MATERIAL SUPPLIED »
.....
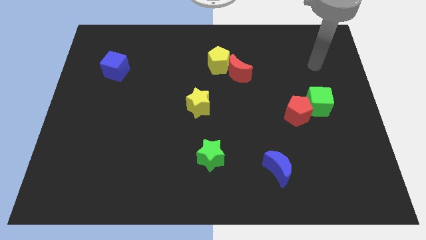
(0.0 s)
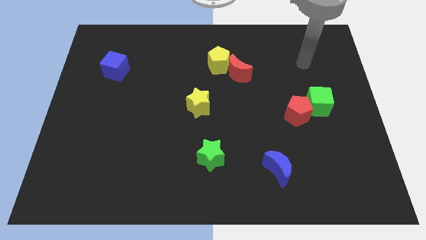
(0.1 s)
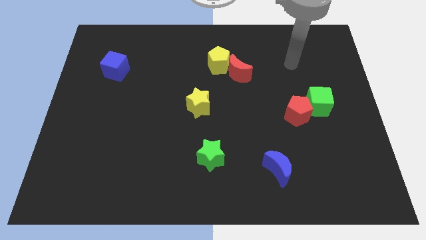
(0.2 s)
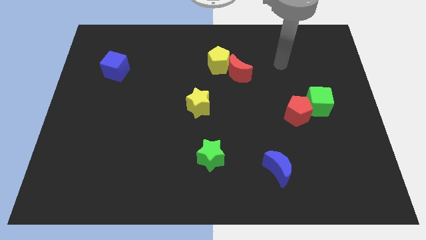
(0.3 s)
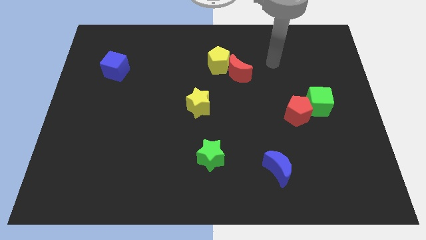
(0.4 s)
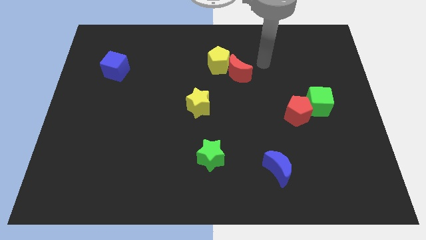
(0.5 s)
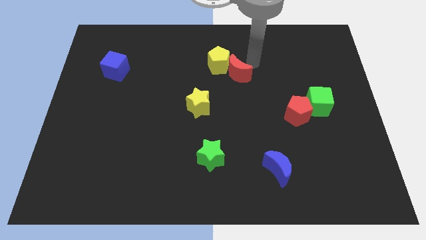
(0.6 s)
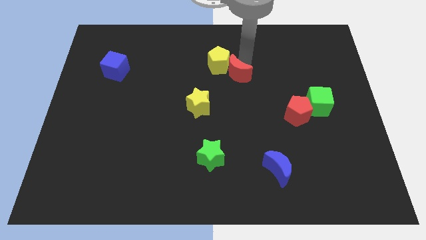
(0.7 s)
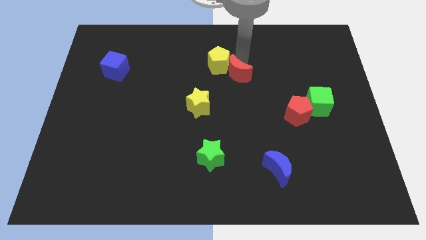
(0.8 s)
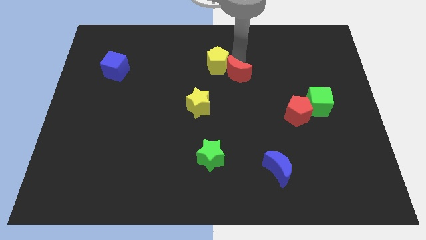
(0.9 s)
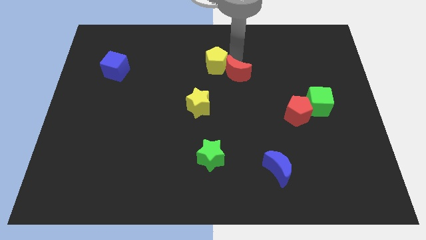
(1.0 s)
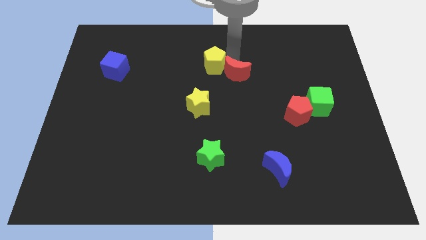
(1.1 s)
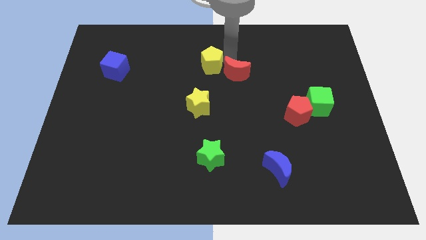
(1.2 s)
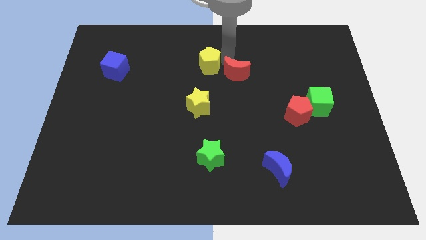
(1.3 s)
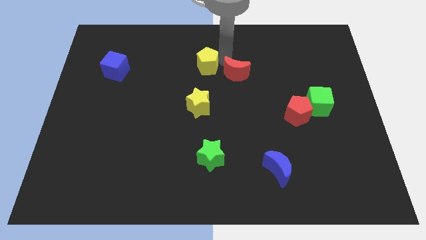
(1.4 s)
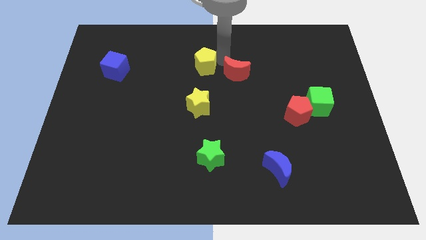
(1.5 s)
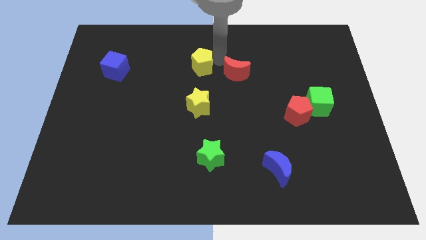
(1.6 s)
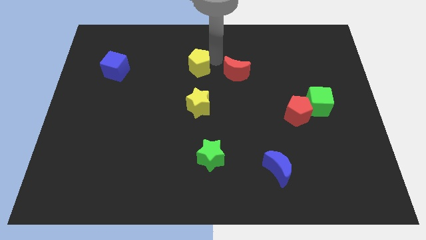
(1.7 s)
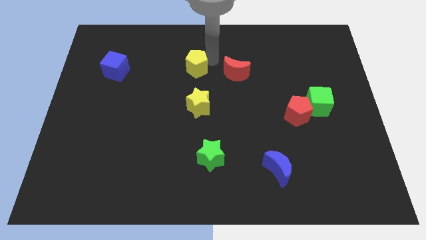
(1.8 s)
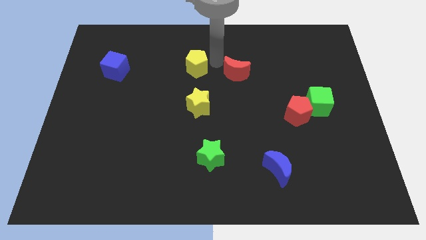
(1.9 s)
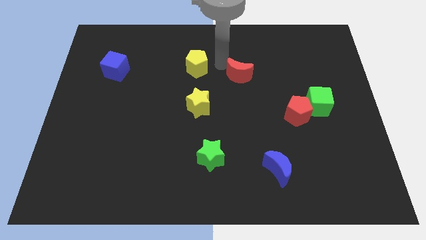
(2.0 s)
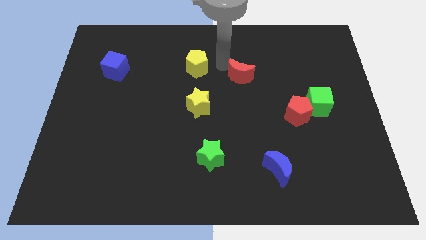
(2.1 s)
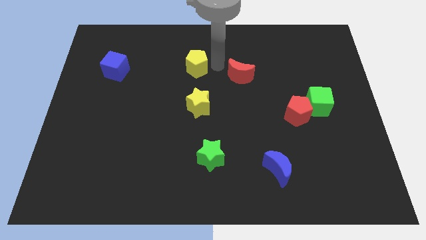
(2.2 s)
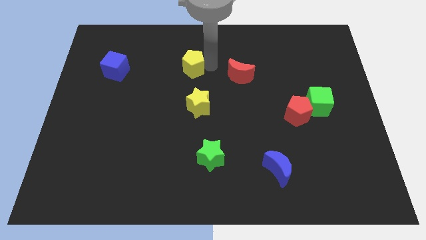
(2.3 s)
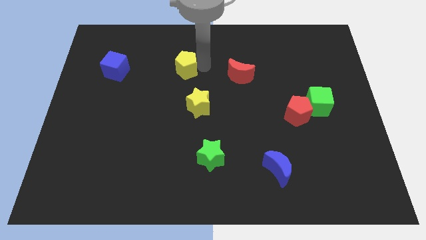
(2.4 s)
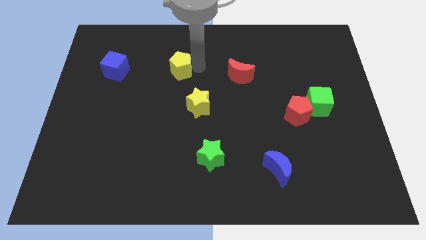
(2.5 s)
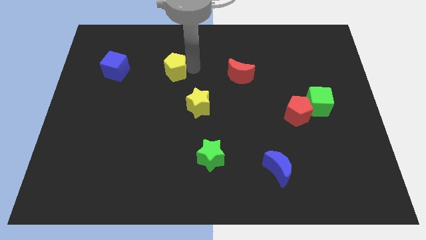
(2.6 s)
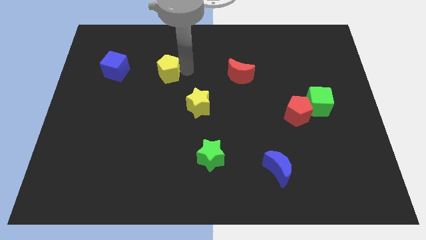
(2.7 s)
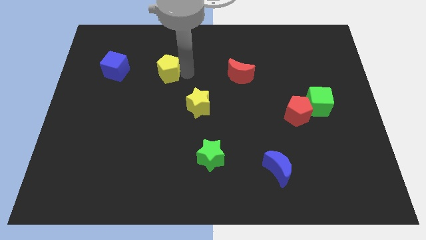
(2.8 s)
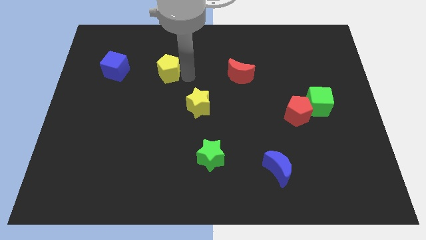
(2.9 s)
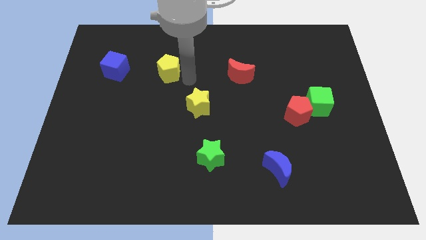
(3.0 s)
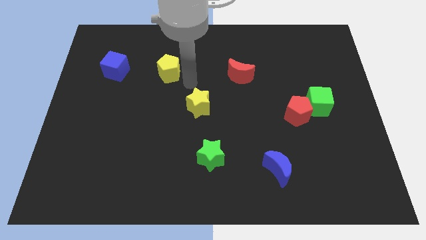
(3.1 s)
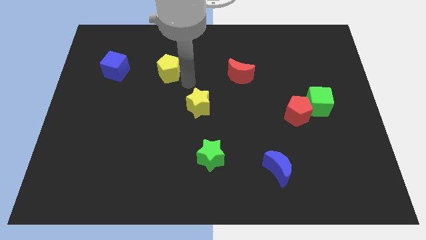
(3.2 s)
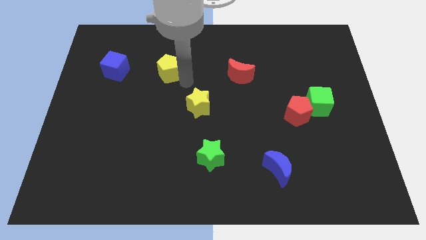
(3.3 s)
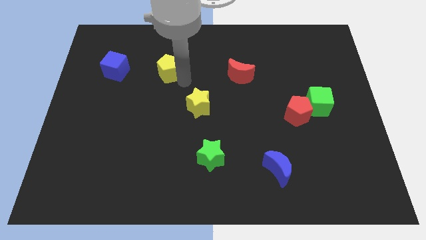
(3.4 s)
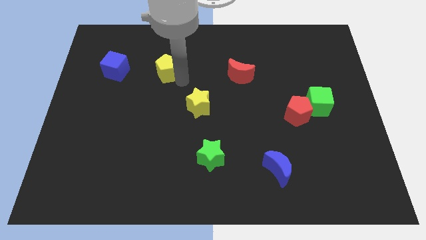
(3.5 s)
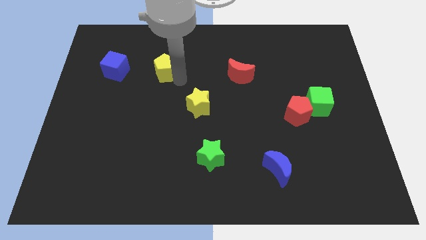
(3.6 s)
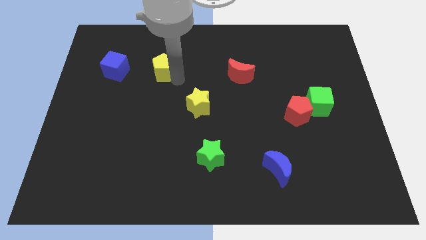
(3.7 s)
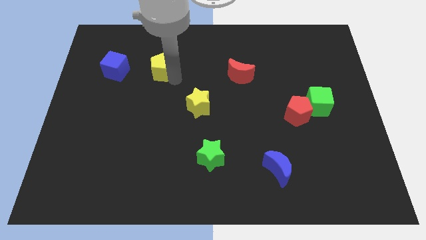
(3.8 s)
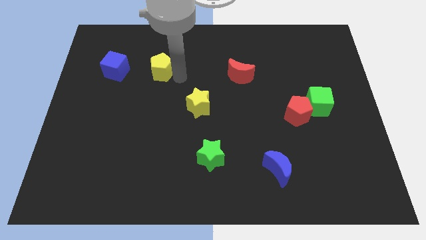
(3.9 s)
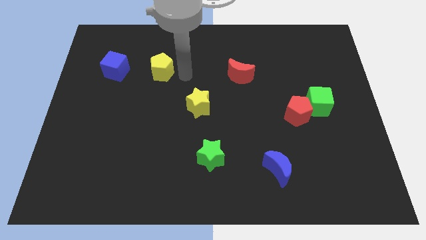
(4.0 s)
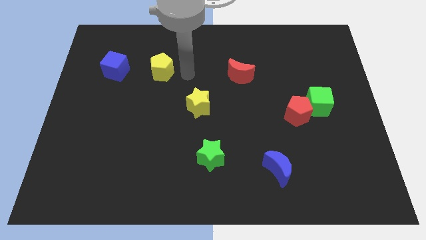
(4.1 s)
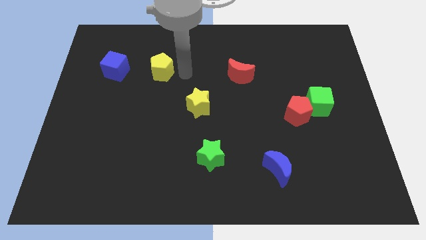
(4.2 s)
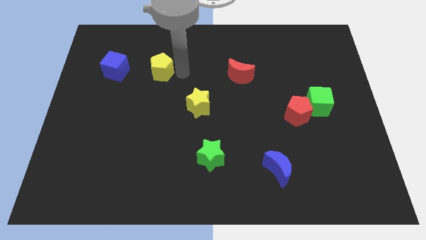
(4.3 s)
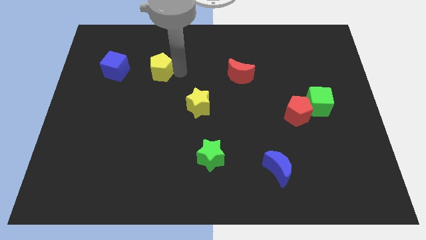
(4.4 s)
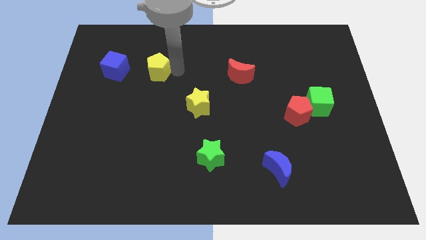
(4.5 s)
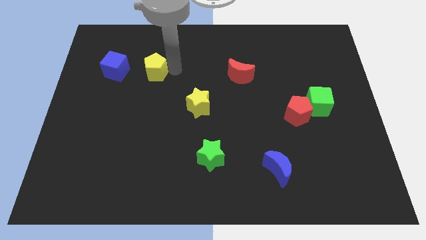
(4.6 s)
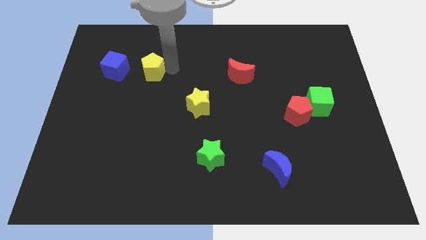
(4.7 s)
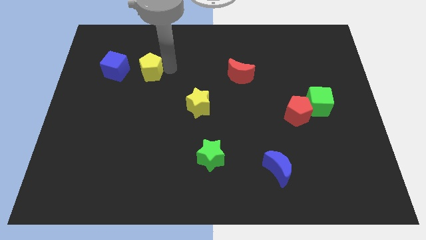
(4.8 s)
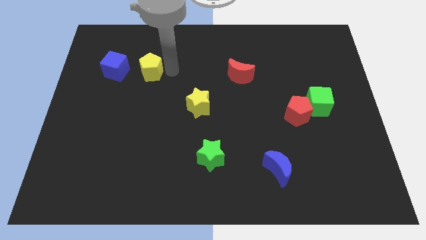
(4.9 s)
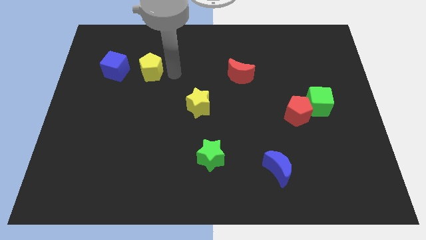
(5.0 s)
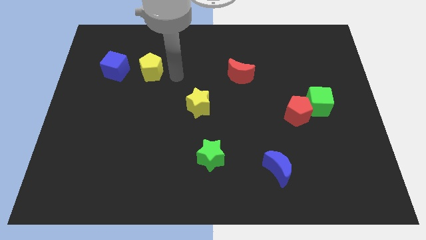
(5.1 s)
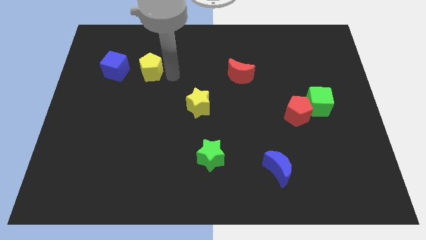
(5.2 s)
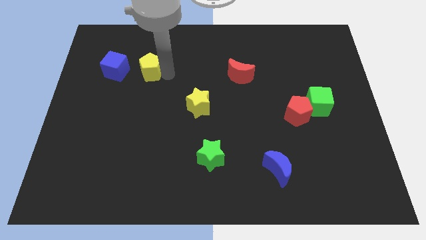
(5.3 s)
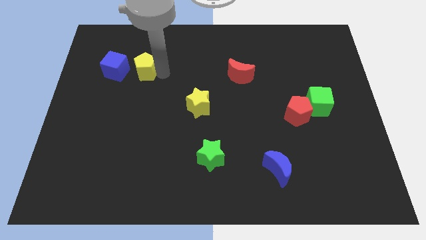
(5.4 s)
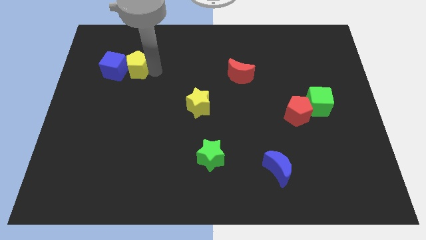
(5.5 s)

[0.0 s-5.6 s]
put the yellow pentagon next to the blue cube

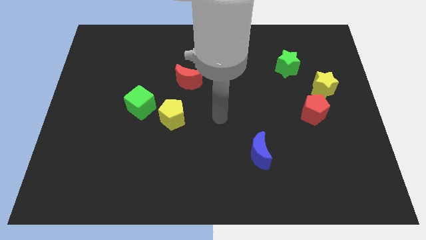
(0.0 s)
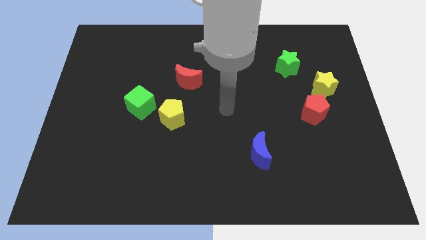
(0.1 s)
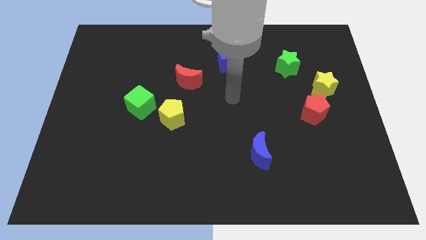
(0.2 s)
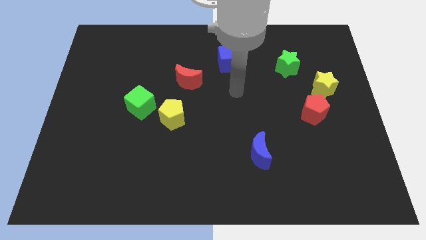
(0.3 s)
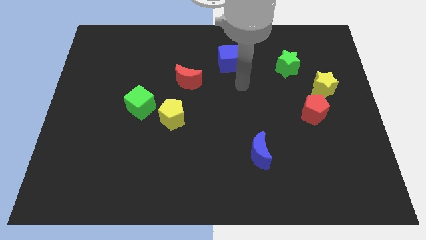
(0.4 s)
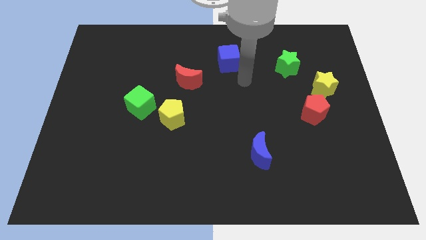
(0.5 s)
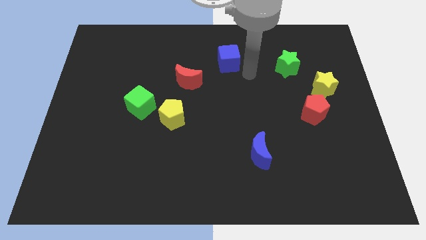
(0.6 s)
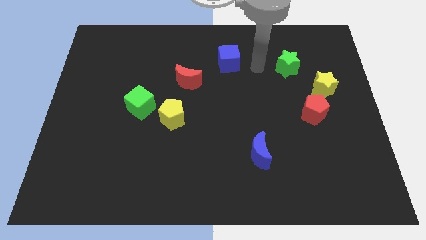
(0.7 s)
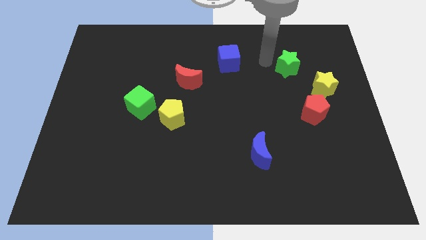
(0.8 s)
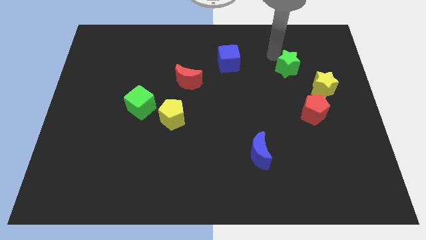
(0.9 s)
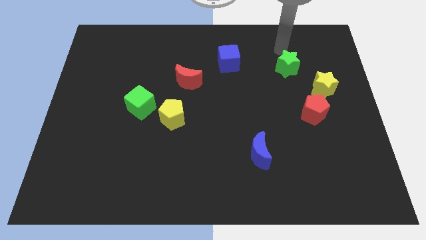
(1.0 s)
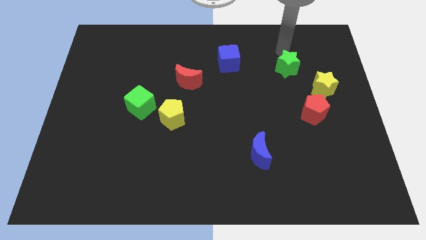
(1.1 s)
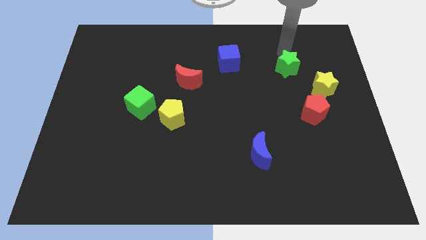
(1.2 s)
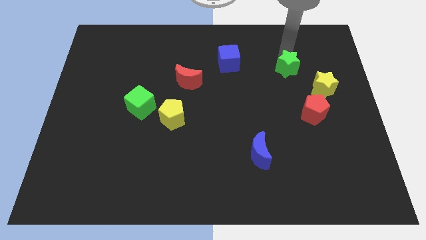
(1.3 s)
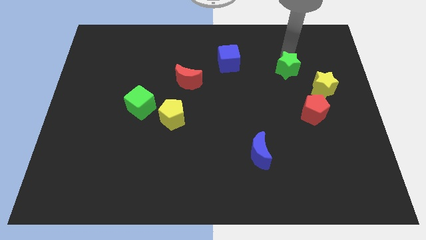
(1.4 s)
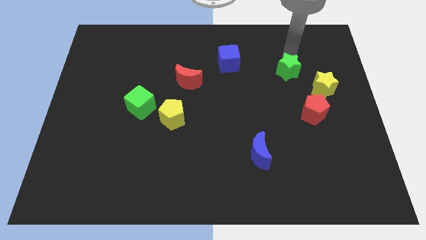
.....
ABOUT THIS TASK » Your task is to repeat the records exactly. Images do not belong in the copy.

REPLY TO THE TASK »
(0.0 s)
(0.1 s)
(0.2 s)
(0.3 s)
(0.4 s)
(0.5 s)
(0.6 s)
(0.7 s)
(0.8 s)
(0.9 s)
(1.0 s)
(1.1 s)
(1.2 s)
(1.3 s)
(1.4 s)
(1.5 s)
(1.6 s)
(1.7 s)
(1.8 s)
(1.9 s)
(2.0 s)
(2.1 s)
(2.2 s)
(2.3 s)
(2.4 s)
(2.5 s)
(2.6 s)
(2.7 s)
(2.8 s)
(2.9 s)
(3.0 s)
(3.1 s)
(3.2 s)
(3.3 s)
(3.4 s)
(3.5 s)
(3.6 s)
(3.7 s)
(3.8 s)
(3.9 s)
(4.0 s)
(4.1 s)
(4.2 s)
(4.3 s)
(4.4 s)
(4.5 s)
(4.6 s)
(4.7 s)
(4.8 s)
(4.9 s)
(5.0 s)
(5.1 s)
(5.2 s)
(5.3 s)
(5.4 s)
(5.5 s)

[0.0 s-5.6 s]
put the yellow pentagon next to the blue cube

(0.0 s)
(0.1 s)
(0.2 s)
(0.3 s)
(0.4 s)
(0.5 s)
(0.6 s)
(0.7 s)
(0.8 s)
(0.9 s)
(1.0 s)
(1.1 s)
(1.2 s)
(1.3 s)
(1.4 s)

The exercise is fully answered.